Transformasi “bonum coniugum” dari dicintai menjadi mencintai (aspek mental/rohani)
Dalam hidup suami isteri, “bonum coniugum”
menghendaki agar gagasan cinta berubah dari dicintai ke kedewasaan
untuk mencintai. Hal ini membutuhkan waku yang lama, bertahun-tahun
dalam hidup perkawinan nyata dengan “melupakan diri sendiri” (egoisme)
dan mengutamakan pasangan. Dengan mencintai pasangan suami atau isteri
masing-masing meninggalkan sel penjara kesepian dan keterasingan
yang
disebabkan oleh sikap yang terpusat pada diri sendiri (self centeredness). Dengan mencintai, masing-masing akan merasakan arti persatuan baru, arti “menjadi satu daging”, arti persekutuan hidup (consortium totius vitae).
Lebih dari itu, masing-masing merasakan
potensi membangkitkan cinta dengan mencintai, bukan karena
ketergantungan untuk menerima dengan dicintai dan karena itu harus
menjadi kecil tak berdaya, melainkan sebalikya aku dicintai karena aku
mencintai pasangan. Cinta yang tidak dewasa (kanak-kanak) berkata aku
mencintaimu karena aku membutuhkanmu, sebaliknya cinta yang dewasa akan
mengatakan: aku membutuhkanmu karena aku mencintaimu.
Kesejahteraan suami isteri sebagai unsur
hakiki dan tujuan personal perkawinan, membutuhkan cinta tanpa syarat.
Dalam perkawinan, “bonum coniugum” sebagai unsur hakiki dan
tujua menghendaki agar suami isteri tidak saling memanfaatkan.
Masing-masing harus belajar berdialog dengan saling mencintai satu sama
lain tanpa syarat.
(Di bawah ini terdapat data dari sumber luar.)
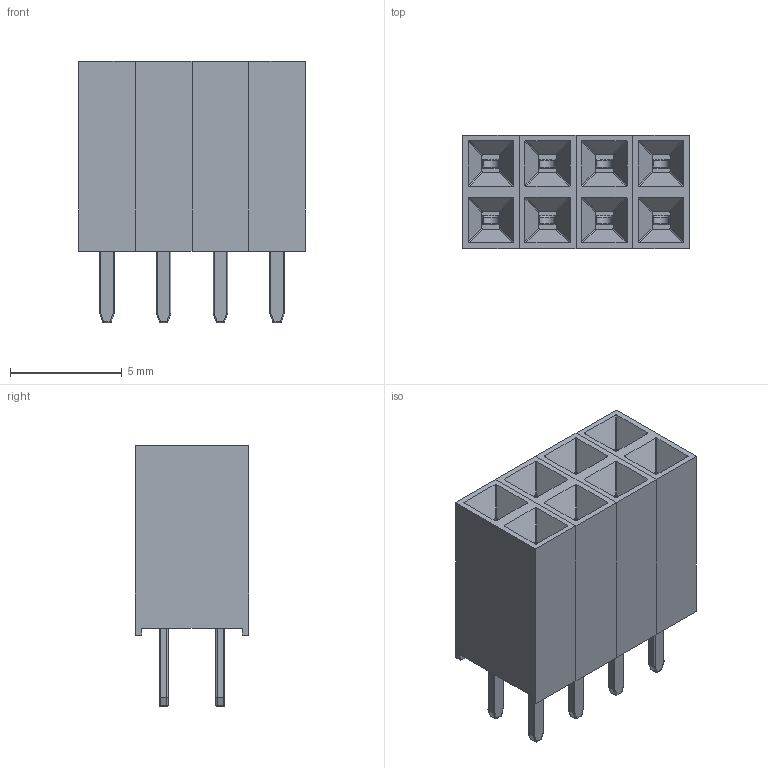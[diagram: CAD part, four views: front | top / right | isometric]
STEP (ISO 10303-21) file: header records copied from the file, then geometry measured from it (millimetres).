
FILE_DESCRIPTION(/* description */ (''),/* implementation_level */ '2;1');
FILE_NAME(/* name */ 'Female Pin Header 02x04.stp',/* time_stamp */ '2019-11-24T09:52:57+01:00',/* author */ ('Bernd das Brot'),/* organization */ (''),/* preprocessor_version */ 'ST-DEVELOPER v18',/* originating_system */ 'Autodesk Inventor 2020',/* authorisation */ '');
FILE_SCHEMA (('AUTOMOTIVE_DESIGN { 1 0 10303 214 3 1 1 }'));
Length unit declared in the file: millimetre
Products named in the file (2): Female Pin Header 02x04; Female Pin Header 2x
Assembly tree (4 placements, depth 2):
  Female Pin Header 02x04
    Female Pin Header 2x  x4
Bounding box: 10.16 x 5.08 x 11.7 mm (x, y, z)
Volume: 224.8 mm3; surface area: 1317.7 mm2
Topology: 4 solids, 4 shells, 1160 faces, 2672 edges, 1504 vertices
Faces by surface type: cylinder 536, plane 320, sphere 160, torus 112, bspline 32
Entity records: 8585 total; most frequent: CARTESIAN_POINT 1572, DIRECTION 1532, ORIENTED_EDGE 1320, EDGE_CURVE 660, AXIS2_PLACEMENT_3D 592, VERTEX_POINT 376, LINE 348, VECTOR 348
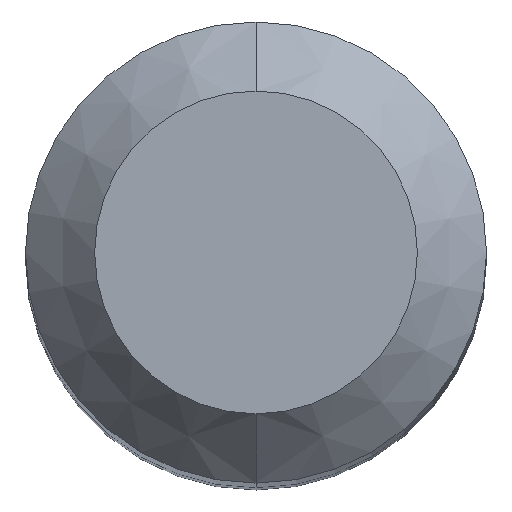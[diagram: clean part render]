
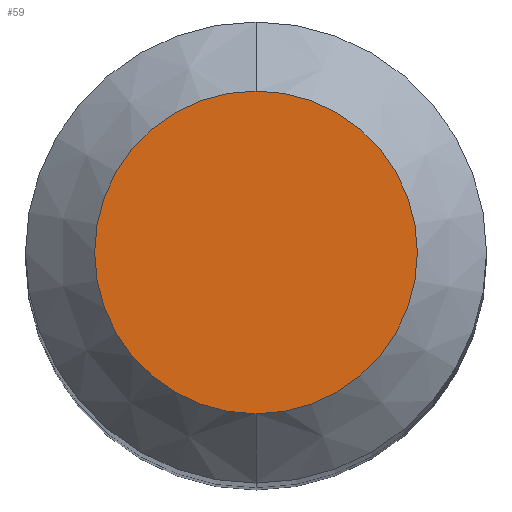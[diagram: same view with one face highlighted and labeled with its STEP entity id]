
A CAD part, top view. The second image highlights one B-rep face of the part: STEP entity #59.
In plain terms, the highlighted planar face has unit normal (0, 0, 1).
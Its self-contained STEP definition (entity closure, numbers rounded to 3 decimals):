
#48=PLANE('',#291);
#59=ADVANCED_FACE('',(#74),#48,.F.);
#74=FACE_OUTER_BOUND('',#85,.T.);
#85=EDGE_LOOP('',(#130,#131));
#94=CIRCLE('',#287,5.6);
#95=CIRCLE('',#289,5.6);
#130=ORIENTED_EDGE('',*,*,#160,.F.);
#131=ORIENTED_EDGE('',*,*,#158,.F.);
#141=VERTEX_POINT('',#416);
#142=VERTEX_POINT('',#418);
#158=EDGE_CURVE('',#141,#142,#94,.T.);
#160=EDGE_CURVE('',#142,#141,#95,.T.);
#287=AXIS2_PLACEMENT_3D('',#417,#357,#358);
#289=AXIS2_PLACEMENT_3D('',#421,#362,#363);
#291=AXIS2_PLACEMENT_3D('',#423,#366,#367);
#357=DIRECTION('',(0.,0.,-1.));
#358=DIRECTION('',(0.,-1.,0.));
#362=DIRECTION('',(0.,0.,-1.));
#363=DIRECTION('',(0.,1.,0.));
#366=DIRECTION('',(0.,0.,-1.));
#367=DIRECTION('',(0.,1.,0.));
#416=CARTESIAN_POINT('',(0.,-5.6,141.912));
#417=CARTESIAN_POINT('',(0.,0.,141.912));
#418=CARTESIAN_POINT('',(0.,5.6,141.912));
#421=CARTESIAN_POINT('',(0.,0.,141.912));
#423=CARTESIAN_POINT('',(0.,0.,141.912));

John Powel merangkum pandangannya tentang apa yang
biasanya terjadi atas suami isteri yang berubah dari dicintai menjadi
mencintai dan menemukan kesempurnaan dalam hidup. Ada lima hal pokok
transformasi “bonum coniugum” dari dicintai menjadi mencintai:
•1) Menerima diri sendiri: orang yang yang sepenuhnya giat menerima dan mencintai diri mereka sendiri apa adanya,
•2) Menjadi diri sendiri: orang yang sepenuhnya bebas meneriman jati diri mereka yang sesungguhnya,
•3) Melupakan diri sendiri: belajar
menerima dan menjadi diri mereka sendiri, suami isteri secara utuh dan
total giat mengembangkan diri untuk mencintai pasangan,
•4) Percaya: belajar melampaui perhatian
yang hanya terarah pada diri sendiri dan percaya pada pasangan serta
menemukan makna dalam hidup berpasangan,
•5) Memiliki: hidup yang utuh, menjadikan hidup sebagai rumah yang memilki rasa kebersamaan.
Dalam proses mencintai itu ada 3 tahapan penting. Pertama, kemurahan (kindness):
kepastian kehangatan bahwa aku di sisimu. Aku peduli padamu. Dalam
tahap ini dasar cinta adalah pernyataan untuk memerhatikan kebahagiaan
orang yang dicintai dan penegasan-kepastian atas harga diri pribadi.
Kedua, dorongan (encouragment): menganggap pasangan sebagai
sumber kekuatan dan memberikan ruang yang bebas bagi pasangan untuk
berkembang.
Powel menyebutnya sebagai cinta pasangan yang membebaskan.
Bagi dia, cinta berarti memberikan seseorang akar rasa memiliki, dan
sayap rasa mandiri dan kebebasan. Mendorong berarti memberikan keteguhan
hati kepada pasangannya. Ketiga, tantangan (challenges):
menyatakan kepastian mencintai adalah keputusan dan tegas untuk
bertindak. Setelah menyatakan kemurahan”aku ada untukmu” dan memberikan
keteguhan hati “kamu dapat melakukannya”, cinta sejati harus mengajak
pasangan untuk berkembang; bertumbuh melampaui batas-batas egoisme diri,
mengatasi apa yang selalu dipandang terlalu sulit, memberantas
kebiasaan pasangan yang merusak diri sendiri atau pasangan, mengatasi
rasa takut untuk jujur dan percaya pada pasangan, mengungkapkan perasaan
yang tertekan pada pasangan, menghentikan dendam, memberi maaf dan
pengampunan yang menyembuhkan pasangan.